▸ DIRECTIONS
Beginning at the line that mentions "Antwoord: ECLI:NL:CRVB:2009:BK0399", retype the rest of the records below exactly. Pictures are not part of the copy.

▸ DATA
↓↓↓

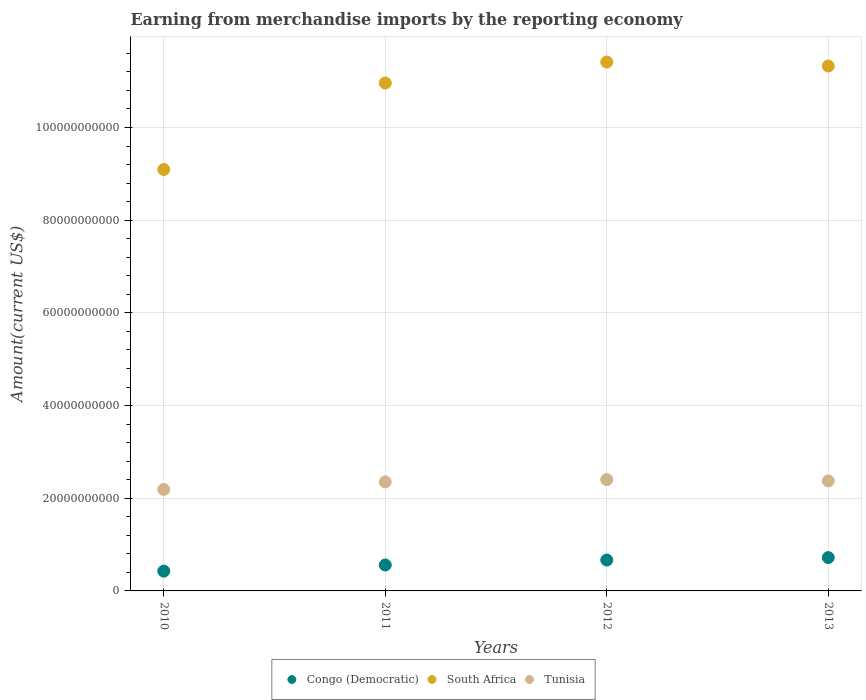
| Years | Congo (Democratic) | South Africa | Tunisia |
 | --- | --- | --- | --- |
 | 2010 | 4.27e+09 | 9.09e+10 | 2.19e+10 |
 | 2011 | 5.6e+09 | 1.1e+11 | 2.35e+10 |
 | 2012 | 6.66e+09 | 1.14e+11 | 2.4e+10 |
 | 2013 | 7.19e+09 | 1.13e+11 | 2.37e+10 |
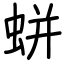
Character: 蛢
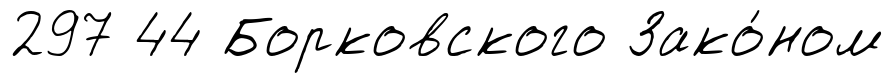
297 44 Борковского Зако́ном
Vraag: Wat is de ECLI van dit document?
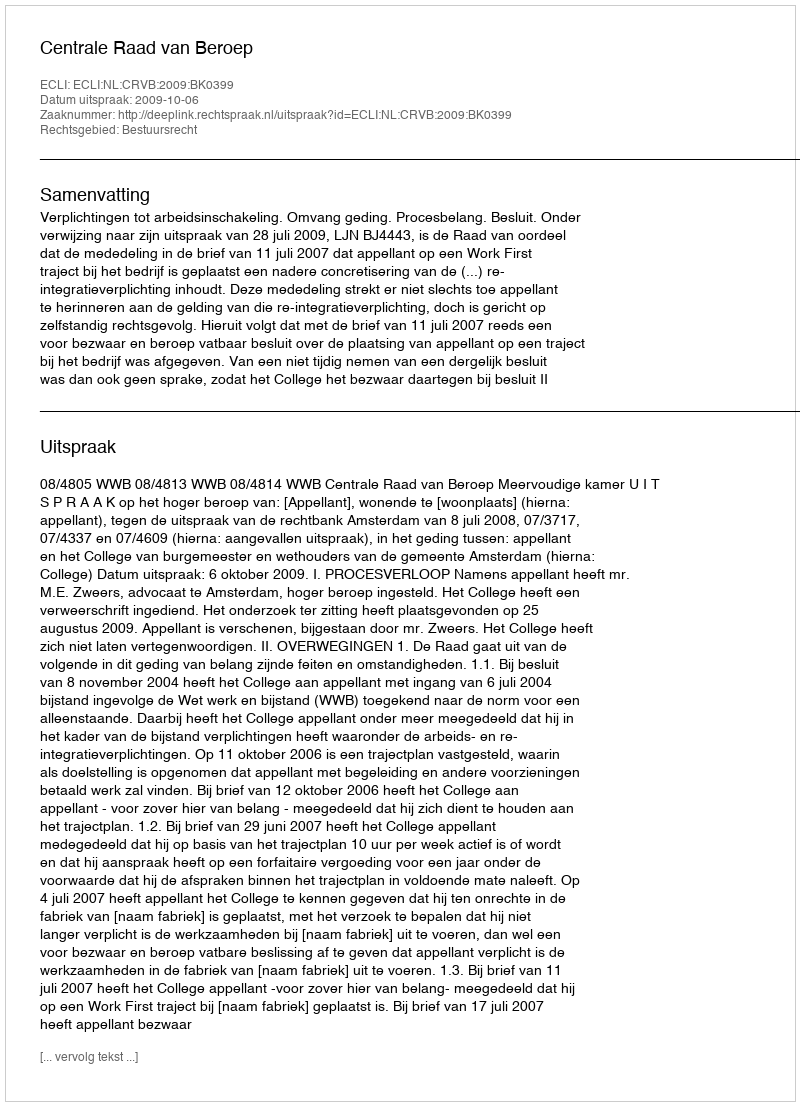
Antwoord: ECLI:NL:CRVB:2009:BK0399
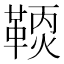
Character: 𩋹
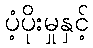
ပံ့ပိုးမှုနှင့်
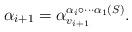
LaTeX: \begin{align*} \alpha_{i+1}=\alpha_{v_{i+1}}^{\alpha_i\circ \cdots \alpha_1 (S)}. \end{align*}
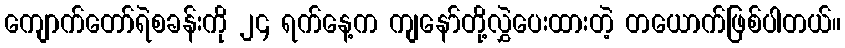
ကျောက်တော်ရဲစခန်းကို ၂၄ ရက်နေ့က ကျနော်တို့လွှဲပေးထားတဲ့ တယောက်ဖြစ်ပါတယ်။
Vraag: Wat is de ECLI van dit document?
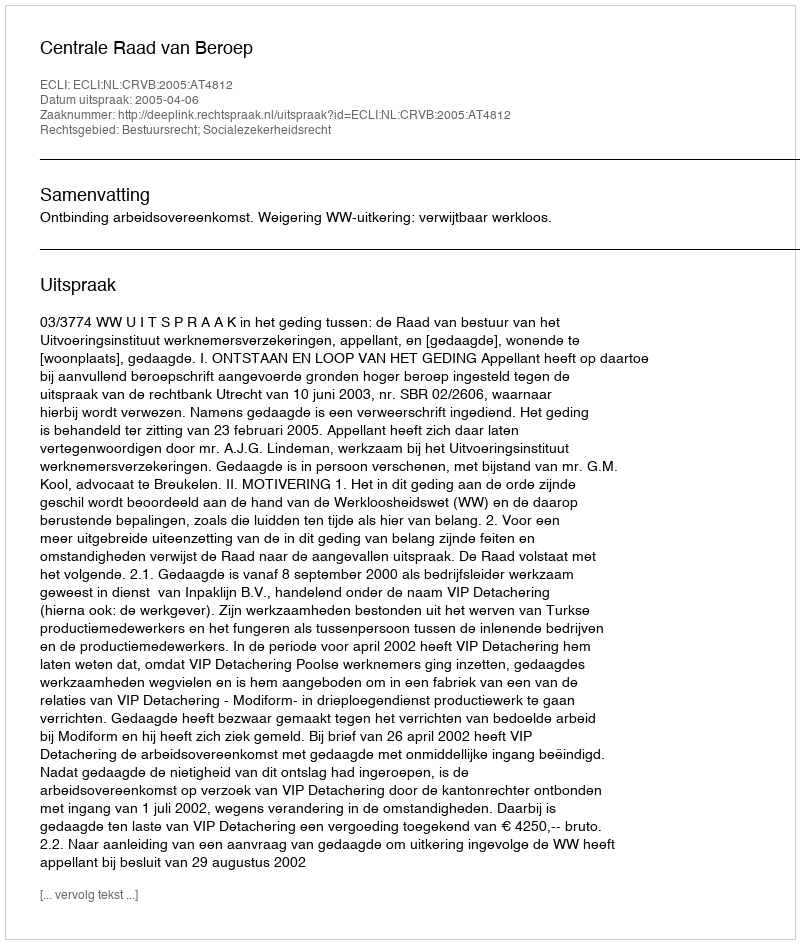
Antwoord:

↑↑↑

▸ REPLY
Antwoord: ECLI:NL:CRVB:2009:BK0399
Character: 𩋹
ပံ့ပိုးမှုနှင့်
LaTeX: \begin{align*} \alpha_{i+1}=\alpha_{v_{i+1}}^{\alpha_i\circ \cdots \alpha_1 (S)}. \end{align*}
ကျောက်တော်ရဲစခန်းကို ၂၄ ရက်နေ့က ကျနော်တို့လွှဲပေးထားတဲ့ တယောက်ဖြစ်ပါတယ်။
Vraag: Wat is de ECLI van dit document?
Antwoord:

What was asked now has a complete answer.